Data Block Start

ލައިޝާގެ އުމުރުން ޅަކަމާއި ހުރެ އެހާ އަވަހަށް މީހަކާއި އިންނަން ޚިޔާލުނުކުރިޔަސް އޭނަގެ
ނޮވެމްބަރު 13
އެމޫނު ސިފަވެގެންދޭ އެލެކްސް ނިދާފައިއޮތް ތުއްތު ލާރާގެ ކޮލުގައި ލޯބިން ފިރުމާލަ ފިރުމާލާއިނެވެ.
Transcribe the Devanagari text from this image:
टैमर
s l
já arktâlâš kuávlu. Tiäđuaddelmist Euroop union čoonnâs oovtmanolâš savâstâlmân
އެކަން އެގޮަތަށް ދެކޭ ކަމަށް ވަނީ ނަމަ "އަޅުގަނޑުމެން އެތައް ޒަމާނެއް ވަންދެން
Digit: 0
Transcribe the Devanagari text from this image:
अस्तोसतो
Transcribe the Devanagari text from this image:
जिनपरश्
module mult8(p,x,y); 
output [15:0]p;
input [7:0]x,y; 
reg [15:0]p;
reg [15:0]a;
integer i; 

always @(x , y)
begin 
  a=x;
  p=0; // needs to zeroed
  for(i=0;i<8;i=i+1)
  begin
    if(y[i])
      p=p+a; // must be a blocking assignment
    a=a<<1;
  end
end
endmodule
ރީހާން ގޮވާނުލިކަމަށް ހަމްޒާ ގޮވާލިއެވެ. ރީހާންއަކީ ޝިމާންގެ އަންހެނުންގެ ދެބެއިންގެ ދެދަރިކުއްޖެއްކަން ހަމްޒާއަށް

Data Block End
Data Block Start

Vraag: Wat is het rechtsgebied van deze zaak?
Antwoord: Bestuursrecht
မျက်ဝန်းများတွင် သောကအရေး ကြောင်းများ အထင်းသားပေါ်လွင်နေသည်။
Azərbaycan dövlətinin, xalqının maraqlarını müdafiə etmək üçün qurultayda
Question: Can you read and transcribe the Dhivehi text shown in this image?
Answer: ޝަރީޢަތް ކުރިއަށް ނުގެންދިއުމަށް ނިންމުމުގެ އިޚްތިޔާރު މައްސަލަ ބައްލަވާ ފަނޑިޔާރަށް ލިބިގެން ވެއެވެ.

Data Block End
Data Block Start

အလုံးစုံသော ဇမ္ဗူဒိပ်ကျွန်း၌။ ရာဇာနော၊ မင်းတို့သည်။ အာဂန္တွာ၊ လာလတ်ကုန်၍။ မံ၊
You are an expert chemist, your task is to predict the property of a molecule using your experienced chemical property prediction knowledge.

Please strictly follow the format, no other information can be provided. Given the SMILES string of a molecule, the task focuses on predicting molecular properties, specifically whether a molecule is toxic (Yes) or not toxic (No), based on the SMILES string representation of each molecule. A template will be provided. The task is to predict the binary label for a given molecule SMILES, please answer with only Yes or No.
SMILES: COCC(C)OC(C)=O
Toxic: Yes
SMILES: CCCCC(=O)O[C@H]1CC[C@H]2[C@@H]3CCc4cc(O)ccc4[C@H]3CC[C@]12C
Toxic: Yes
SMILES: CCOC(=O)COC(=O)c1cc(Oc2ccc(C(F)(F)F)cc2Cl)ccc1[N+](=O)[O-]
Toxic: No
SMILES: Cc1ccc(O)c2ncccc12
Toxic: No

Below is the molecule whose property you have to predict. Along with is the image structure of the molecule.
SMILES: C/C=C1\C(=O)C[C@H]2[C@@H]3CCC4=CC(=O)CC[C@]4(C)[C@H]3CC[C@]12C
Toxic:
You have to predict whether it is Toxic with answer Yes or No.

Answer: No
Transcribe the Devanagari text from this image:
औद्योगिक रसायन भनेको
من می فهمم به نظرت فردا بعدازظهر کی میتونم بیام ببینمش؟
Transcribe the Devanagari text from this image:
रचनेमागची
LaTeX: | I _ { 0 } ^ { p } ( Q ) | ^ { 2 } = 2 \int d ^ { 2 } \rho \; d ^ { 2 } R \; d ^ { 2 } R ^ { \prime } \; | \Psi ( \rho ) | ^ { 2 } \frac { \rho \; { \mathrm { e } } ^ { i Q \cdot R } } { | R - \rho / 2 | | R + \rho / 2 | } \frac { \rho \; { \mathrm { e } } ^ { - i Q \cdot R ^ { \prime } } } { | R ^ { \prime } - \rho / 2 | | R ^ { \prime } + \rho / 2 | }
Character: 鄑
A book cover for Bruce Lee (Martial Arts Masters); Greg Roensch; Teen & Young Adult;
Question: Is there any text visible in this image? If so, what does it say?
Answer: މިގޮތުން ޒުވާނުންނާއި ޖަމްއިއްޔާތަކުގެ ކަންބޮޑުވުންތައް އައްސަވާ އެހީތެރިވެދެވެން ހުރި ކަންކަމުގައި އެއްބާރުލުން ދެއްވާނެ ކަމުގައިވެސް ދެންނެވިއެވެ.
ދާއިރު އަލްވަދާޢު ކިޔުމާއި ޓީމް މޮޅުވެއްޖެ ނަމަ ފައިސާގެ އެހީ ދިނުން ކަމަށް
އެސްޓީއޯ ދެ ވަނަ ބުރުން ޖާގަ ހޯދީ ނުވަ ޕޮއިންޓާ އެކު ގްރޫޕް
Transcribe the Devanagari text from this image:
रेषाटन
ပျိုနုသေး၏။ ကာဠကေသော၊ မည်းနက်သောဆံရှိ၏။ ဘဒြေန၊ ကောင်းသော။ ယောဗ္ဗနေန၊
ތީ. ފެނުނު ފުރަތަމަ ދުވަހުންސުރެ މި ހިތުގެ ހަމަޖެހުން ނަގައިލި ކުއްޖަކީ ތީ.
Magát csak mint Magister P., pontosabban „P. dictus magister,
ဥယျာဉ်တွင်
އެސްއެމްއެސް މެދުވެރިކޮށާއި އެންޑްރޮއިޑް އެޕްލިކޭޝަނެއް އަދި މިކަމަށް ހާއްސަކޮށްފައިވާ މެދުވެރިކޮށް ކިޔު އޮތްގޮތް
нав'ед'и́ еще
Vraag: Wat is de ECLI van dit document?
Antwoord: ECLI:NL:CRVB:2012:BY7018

Data Block End

Exercise objective:
Transcribe the lines above between the line holding "LaTeX: | I _" and the line holding "Antwoord: ECLI:NL:CRVB:2012:BY7018", inclusive, exactly as they stand and with nothing added.

Response for this exercise:
LaTeX: | I _ { 0 } ^ { p } ( Q ) | ^ { 2 } = 2 \int d ^ { 2 } \rho \; d ^ { 2 } R \; d ^ { 2 } R ^ { \prime } \; | \Psi ( \rho ) | ^ { 2 } \frac { \rho \; { \mathrm { e } } ^ { i Q \cdot R } } { | R - \rho / 2 | | R + \rho / 2 | } \frac { \rho \; { \mathrm { e } } ^ { - i Q \cdot R ^ { \prime } } } { | R ^ { \prime } - \rho / 2 | | R ^ { \prime } + \rho / 2 | }
Character: 鄑
A book cover for Bruce Lee (Martial Arts Masters); Greg Roensch; Teen & Young Adult;
Question: Is there any text visible in this image? If so, what does it say?
Answer: މިގޮތުން ޒުވާނުންނާއި ޖަމްއިއްޔާތަކުގެ ކަންބޮޑުވުންތައް އައްސަވާ އެހީތެރިވެދެވެން ހުރި ކަންކަމުގައި އެއްބާރުލުން ދެއްވާނެ ކަމުގައިވެސް ދެންނެވިއެވެ.
ދާއިރު އަލްވަދާޢު ކިޔުމާއި ޓީމް މޮޅުވެއްޖެ ނަމަ ފައިސާގެ އެހީ ދިނުން ކަމަށް
އެސްޓީއޯ ދެ ވަނަ ބުރުން ޖާގަ ހޯދީ ނުވަ ޕޮއިންޓާ އެކު ގްރޫޕް
Transcribe the Devanagari text from this image:
रेषाटन
ပျိုနုသေး၏။ ကာဠကေသော၊ မည်းနက်သောဆံရှိ၏။ ဘဒြေန၊ ကောင်းသော။ ယောဗ္ဗနေန၊
ތީ. ފެނުނު ފުރަތަމަ ދުވަހުންސުރެ މި ހިތުގެ ހަމަޖެހުން ނަގައިލި ކުއްޖަކީ ތީ.
Magát csak mint Magister P., pontosabban „P. dictus magister,
ဥယျာဉ်တွင်
އެސްއެމްއެސް މެދުވެރިކޮށާއި އެންޑްރޮއިޑް އެޕްލިކޭޝަނެއް އަދި މިކަމަށް ހާއްސަކޮށްފައިވާ މެދުވެރިކޮށް ކިޔު އޮތްގޮތް
нав'ед'и́ еще
Vraag: Wat is de ECLI van dit document?
Antwoord: ECLI:NL:CRVB:2012:BY7018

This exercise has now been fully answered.